Two dancers on a stage.

This First Person column was written by Jenene Wooldridge, a Mi’kmaw author and executive director of L’nuey, based in Epekwitk (P.E.I.). For more information about CBC’s First Person stories, please see the FAQ.

When I was growing up, I didn’t see Indigenous performers or dancers in our local venues. I didn’t see stories of them sharing our culture in the media. I didn’t see them included in celebratory ceremonies. I didn’t see myself represented. In fact, I didn’t see any signs of our culture displayed anywhere.

So when my children were asked to participate in the 2023 Canada Winter Games opening ceremony on P.E.I., we saw it as an opportunity not only to share our culture with others, but also for other Indigenous people to see themselves reflected in the ceremonies and performances. 

Now nine and 11, my kids have been performing with the Mi’kmaq Heritage Actors for years and dancing at mawiomis (gatherings) since they could walk. But seeing them at the Games making connections with people from across Canada — showcasing our culture through song and dance — is an experience I’ll never forget.

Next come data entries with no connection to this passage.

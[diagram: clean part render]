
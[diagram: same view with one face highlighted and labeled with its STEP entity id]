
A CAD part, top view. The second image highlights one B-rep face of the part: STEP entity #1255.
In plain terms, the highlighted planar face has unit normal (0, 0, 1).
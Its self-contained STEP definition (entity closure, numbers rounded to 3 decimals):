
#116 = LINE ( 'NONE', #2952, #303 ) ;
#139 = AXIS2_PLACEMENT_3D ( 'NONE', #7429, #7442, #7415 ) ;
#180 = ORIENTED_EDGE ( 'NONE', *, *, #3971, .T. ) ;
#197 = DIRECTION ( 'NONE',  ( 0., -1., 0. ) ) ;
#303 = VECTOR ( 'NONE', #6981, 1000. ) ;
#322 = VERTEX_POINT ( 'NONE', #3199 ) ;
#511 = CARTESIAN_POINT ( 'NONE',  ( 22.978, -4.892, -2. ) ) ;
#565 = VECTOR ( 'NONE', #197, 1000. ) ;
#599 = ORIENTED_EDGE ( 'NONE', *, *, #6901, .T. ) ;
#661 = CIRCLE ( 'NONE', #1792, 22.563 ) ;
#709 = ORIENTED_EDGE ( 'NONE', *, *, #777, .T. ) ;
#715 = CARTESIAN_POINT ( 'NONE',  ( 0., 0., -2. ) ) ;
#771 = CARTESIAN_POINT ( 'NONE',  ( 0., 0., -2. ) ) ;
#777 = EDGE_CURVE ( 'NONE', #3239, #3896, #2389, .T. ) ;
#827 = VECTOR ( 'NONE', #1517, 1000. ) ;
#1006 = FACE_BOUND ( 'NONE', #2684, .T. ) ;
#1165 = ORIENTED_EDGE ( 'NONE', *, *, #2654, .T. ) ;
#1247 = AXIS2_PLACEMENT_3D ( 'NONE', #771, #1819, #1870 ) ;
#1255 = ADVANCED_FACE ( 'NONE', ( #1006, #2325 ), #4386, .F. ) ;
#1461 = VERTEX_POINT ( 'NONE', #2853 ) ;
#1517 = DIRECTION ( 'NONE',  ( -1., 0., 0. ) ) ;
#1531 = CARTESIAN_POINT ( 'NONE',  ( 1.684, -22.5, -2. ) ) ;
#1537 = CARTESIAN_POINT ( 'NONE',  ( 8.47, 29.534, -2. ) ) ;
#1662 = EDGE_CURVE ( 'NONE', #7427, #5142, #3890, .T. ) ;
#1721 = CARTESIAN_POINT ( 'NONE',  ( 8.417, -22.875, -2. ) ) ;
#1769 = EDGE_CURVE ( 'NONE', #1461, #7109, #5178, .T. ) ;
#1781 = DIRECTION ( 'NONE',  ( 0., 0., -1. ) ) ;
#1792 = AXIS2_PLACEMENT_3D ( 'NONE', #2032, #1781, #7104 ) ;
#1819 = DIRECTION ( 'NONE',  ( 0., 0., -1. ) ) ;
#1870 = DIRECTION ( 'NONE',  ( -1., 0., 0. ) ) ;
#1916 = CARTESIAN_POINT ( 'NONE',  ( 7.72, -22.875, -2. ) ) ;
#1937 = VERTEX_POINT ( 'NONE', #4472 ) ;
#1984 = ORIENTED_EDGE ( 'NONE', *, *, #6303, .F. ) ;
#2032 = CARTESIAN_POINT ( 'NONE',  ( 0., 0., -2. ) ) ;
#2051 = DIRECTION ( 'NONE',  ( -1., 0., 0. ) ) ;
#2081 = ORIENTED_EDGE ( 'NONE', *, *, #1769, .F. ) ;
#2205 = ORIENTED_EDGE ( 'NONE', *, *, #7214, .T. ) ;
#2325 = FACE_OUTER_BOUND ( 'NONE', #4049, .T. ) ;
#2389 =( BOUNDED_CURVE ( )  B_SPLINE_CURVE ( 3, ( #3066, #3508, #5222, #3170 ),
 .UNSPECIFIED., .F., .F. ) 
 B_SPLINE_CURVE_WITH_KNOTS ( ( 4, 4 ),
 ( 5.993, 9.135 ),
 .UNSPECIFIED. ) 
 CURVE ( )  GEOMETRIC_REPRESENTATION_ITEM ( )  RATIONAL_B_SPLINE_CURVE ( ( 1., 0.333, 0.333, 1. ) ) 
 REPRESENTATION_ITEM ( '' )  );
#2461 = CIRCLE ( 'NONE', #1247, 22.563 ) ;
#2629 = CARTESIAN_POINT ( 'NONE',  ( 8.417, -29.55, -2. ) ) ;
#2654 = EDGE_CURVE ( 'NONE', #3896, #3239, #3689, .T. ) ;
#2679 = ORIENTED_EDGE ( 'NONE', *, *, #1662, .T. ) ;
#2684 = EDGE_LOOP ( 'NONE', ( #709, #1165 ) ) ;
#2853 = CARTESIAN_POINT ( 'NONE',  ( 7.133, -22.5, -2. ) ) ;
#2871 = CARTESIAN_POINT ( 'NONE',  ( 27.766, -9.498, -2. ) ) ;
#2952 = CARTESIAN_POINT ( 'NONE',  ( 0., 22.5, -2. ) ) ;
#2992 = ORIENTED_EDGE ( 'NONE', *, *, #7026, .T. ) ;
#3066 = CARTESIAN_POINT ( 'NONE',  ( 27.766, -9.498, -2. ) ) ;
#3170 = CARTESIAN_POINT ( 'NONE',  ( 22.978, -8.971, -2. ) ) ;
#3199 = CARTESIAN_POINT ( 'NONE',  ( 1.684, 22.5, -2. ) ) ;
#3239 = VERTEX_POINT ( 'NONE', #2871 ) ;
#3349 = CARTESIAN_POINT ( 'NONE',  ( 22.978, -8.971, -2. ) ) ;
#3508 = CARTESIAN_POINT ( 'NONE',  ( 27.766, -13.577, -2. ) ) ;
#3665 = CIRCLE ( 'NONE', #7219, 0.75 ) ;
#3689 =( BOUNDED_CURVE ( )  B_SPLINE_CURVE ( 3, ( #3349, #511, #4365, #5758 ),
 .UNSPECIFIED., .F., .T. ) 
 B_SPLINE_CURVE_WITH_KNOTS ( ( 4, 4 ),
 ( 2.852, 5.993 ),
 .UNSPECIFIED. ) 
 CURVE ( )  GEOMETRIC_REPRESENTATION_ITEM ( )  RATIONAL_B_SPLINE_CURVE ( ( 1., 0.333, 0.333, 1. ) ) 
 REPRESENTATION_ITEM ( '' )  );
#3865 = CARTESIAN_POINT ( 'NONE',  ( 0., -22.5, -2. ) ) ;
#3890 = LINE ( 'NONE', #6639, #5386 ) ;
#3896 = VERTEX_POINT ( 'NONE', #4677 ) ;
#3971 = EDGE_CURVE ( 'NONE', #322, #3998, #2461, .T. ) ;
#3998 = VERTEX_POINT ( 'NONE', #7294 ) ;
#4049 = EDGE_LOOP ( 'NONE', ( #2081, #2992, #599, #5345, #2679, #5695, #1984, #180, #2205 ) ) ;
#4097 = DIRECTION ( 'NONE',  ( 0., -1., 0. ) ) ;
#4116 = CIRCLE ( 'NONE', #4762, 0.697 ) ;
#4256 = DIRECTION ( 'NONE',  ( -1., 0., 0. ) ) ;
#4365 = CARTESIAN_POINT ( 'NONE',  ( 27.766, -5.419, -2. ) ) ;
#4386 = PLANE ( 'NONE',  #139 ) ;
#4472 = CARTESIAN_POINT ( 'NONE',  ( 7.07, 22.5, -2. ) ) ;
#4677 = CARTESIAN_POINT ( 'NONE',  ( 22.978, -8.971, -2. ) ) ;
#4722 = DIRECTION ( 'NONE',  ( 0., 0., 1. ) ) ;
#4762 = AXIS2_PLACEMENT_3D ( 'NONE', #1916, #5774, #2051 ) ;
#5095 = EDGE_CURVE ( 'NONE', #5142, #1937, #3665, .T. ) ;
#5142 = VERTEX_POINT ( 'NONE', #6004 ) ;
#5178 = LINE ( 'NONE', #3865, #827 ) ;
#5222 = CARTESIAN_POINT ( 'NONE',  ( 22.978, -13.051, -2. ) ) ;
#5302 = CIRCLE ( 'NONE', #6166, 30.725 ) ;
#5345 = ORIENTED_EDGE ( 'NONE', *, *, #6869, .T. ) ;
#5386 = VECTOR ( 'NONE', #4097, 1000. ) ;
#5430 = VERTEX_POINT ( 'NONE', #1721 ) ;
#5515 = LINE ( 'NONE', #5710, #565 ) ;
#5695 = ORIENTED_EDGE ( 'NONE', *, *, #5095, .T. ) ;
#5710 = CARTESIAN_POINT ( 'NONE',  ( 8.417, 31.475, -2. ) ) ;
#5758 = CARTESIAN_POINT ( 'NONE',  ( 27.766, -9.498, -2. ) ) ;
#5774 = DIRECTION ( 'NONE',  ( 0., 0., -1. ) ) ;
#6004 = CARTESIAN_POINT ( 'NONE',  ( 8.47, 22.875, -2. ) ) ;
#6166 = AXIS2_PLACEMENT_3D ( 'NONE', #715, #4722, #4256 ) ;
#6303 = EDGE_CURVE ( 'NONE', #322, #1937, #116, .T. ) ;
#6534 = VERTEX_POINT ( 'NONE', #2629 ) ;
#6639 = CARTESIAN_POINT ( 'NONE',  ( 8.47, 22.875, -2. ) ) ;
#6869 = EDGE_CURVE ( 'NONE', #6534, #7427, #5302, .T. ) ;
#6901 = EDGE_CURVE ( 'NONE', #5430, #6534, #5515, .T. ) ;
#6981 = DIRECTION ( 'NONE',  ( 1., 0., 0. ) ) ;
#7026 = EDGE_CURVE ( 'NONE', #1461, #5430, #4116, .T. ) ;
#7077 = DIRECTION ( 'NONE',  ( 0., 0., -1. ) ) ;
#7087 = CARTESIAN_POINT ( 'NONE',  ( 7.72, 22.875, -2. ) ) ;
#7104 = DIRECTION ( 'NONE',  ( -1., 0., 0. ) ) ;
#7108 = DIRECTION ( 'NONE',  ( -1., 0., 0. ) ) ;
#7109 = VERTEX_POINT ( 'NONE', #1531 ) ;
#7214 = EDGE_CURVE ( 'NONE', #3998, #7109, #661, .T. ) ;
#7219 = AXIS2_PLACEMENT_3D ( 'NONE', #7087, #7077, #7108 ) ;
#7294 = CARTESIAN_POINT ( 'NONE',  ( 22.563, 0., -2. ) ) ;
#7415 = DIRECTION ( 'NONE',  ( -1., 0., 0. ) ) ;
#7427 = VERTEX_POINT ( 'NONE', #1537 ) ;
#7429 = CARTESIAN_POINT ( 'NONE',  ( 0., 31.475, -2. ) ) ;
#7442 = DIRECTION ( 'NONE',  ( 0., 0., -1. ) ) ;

The kids had prepared for the crowd at the opening ceremony, but the reality was something else altogether. The cheering, the noisemakers, the clapping coming from thousands of people was overwhelming to say the least. Just before it was time to go on stage, nerves got the better of both kids — and the fear of performing for such a large crowd started to take over.

‘As soon as the drum started, I saw them both put on their game faces,’ writes Jenene Wooldridge of her kids, Taya and Taite, performing at the Canada Winter Games opening ceremony. (Matthew Murnaghan/Canada Games Council)

Show time

My daughter, Taya, was so terrified of crying on stage that she told me she didn’t want to perform at all.

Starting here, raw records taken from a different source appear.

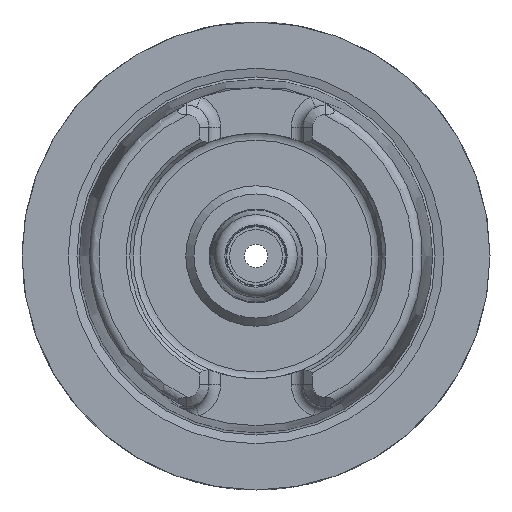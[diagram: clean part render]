
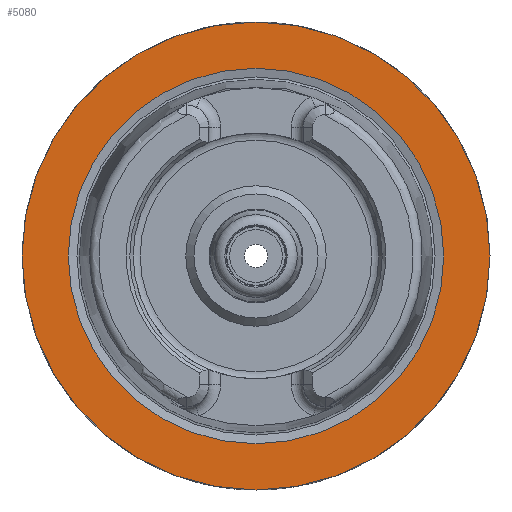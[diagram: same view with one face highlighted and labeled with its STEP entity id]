
A CAD part, left-side view. The second image highlights one B-rep face of the part: STEP entity #5080.
In plain terms, the highlighted planar face has unit normal (-1, 0, 0).
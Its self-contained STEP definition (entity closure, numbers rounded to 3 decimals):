
#4167=CARTESIAN_POINT('',(0.0,20.0,0.0));
#4168=VERTEX_POINT('',#4167);
#4169=CARTESIAN_POINT('',(0.0,0.0,0.0));
#4170=DIRECTION('',(1.0,0.0,0.0));
#4171=DIRECTION('',(0.0,1.0,0.0));
#4172=AXIS2_PLACEMENT_3D('',#4169,#4170,#4171);
#4173=CIRCLE('',#4172,20.0);
#4174=EDGE_CURVE('',#4168,#4168,#4173,.T.);
#5054=CARTESIAN_POINT('',(0.0,16.046,0.0));
#5055=VERTEX_POINT('',#5054);
#5056=CARTESIAN_POINT('',(0.0,0.0,0.0));
#5057=DIRECTION('',(1.0,0.0,0.0));
#5058=DIRECTION('',(0.0,1.0,0.0));
#5059=AXIS2_PLACEMENT_3D('',#5056,#5057,#5058);
#5060=CIRCLE('',#5059,16.046);
#5061=EDGE_CURVE('',#5055,#5055,#5060,.T.);
#5069=CARTESIAN_POINT('',(0.0,18.023,0.0));
#5070=DIRECTION('',(-1.0,0.0,0.0));
#5071=DIRECTION('',(0.0,0.0,1.0));
#5072=AXIS2_PLACEMENT_3D('',#5069,#5070,#5071);
#5073=PLANE('',#5072);
#5074=ORIENTED_EDGE('',*,*,#4174,.F.);
#5075=EDGE_LOOP('',(#5074));
#5076=FACE_OUTER_BOUND('',#5075,.T.);
#5077=ORIENTED_EDGE('',*,*,#5061,.T.);
#5078=EDGE_LOOP('',(#5077));
#5079=FACE_BOUND('',#5078,.T.);
#5080=ADVANCED_FACE('',(#5076,#5079),#5073,.T.);

“It’s fine if you cry on the stage,” I told her. “We are all human. We all have emotions and you are here to dance and share your culture with others. Just do the best you can.”

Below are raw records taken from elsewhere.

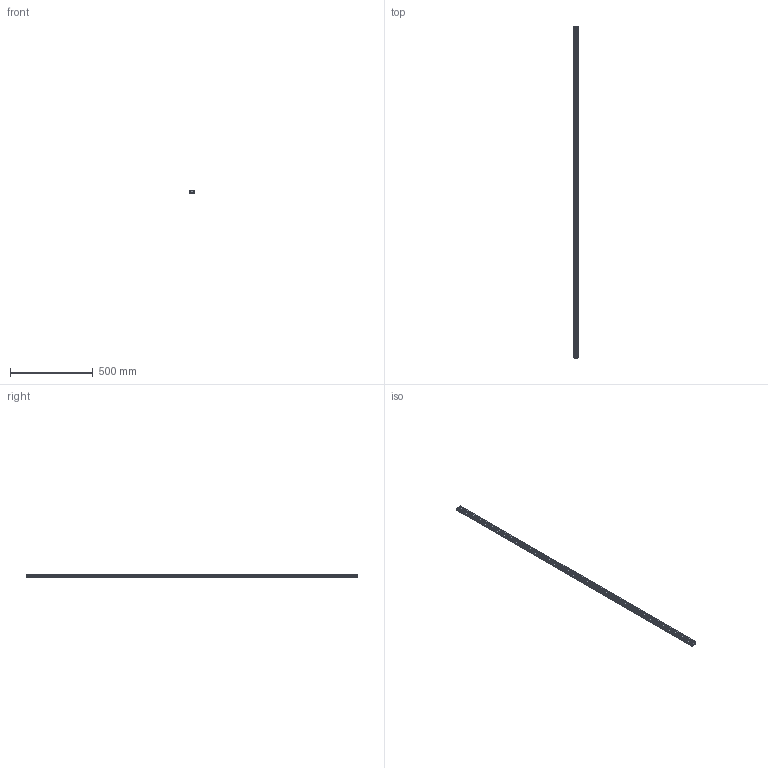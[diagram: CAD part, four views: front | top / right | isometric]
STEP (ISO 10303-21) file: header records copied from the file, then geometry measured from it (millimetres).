
FILE_DESCRIPTION(('STEP AP214'),'1');
FILE_NAME('cctmp_7839ACEE-5A43-4C91-97E7-8D4AB67E558A_2023_6_19_15_19_48_663..stp','2023-06-19T13:19:48',('Murtfeldt Kunststoffe GmbH & Co.KG'),('CADClick - www.CADClick.com'),'Spatial InterOp 3D',' ','unknown authorization');
FILE_SCHEMA(('AUTOMOTIVE_DESIGN'));
Length unit declared in the file: millimetre
Products named in the file (3): 221210024
Assembly tree (2 placements, depth 2):
  (unnamed)
    221210024
    221210024
Bounding box: 34.9 x 2000 x 20 mm (x, y, z)
Volume: 1008825.5 mm3; surface area: 479788 mm2
Topology: 2 solids, 2 shells, 48 faces, 132 edges, 88 vertices
Faces by surface type: plane 40, cylinder 8
Entity records: 1976 total; most frequent: CARTESIAN_POINT 271, ORIENTED_EDGE 264, DIRECTION 250, EDGE_CURVE 132, LINE 116, VECTOR 116, VERTEX_POINT 88, AXIS2_PLACEMENT_3D 67

With lots of hugs, deep breaths, words of encouragement and support from the stage manager Sylvia, Taya made her way on stage and tried to hold it together. An Alberta coach who saw Taya struggling promised to give her his team Alberta tuque. 

Eventually I watched both of my kids — filled with fear and trepidation — walk onto that big stage and comfort each other with pats on the back, head nods and a few kind words. There were a few tears shed on that stage, but the show went…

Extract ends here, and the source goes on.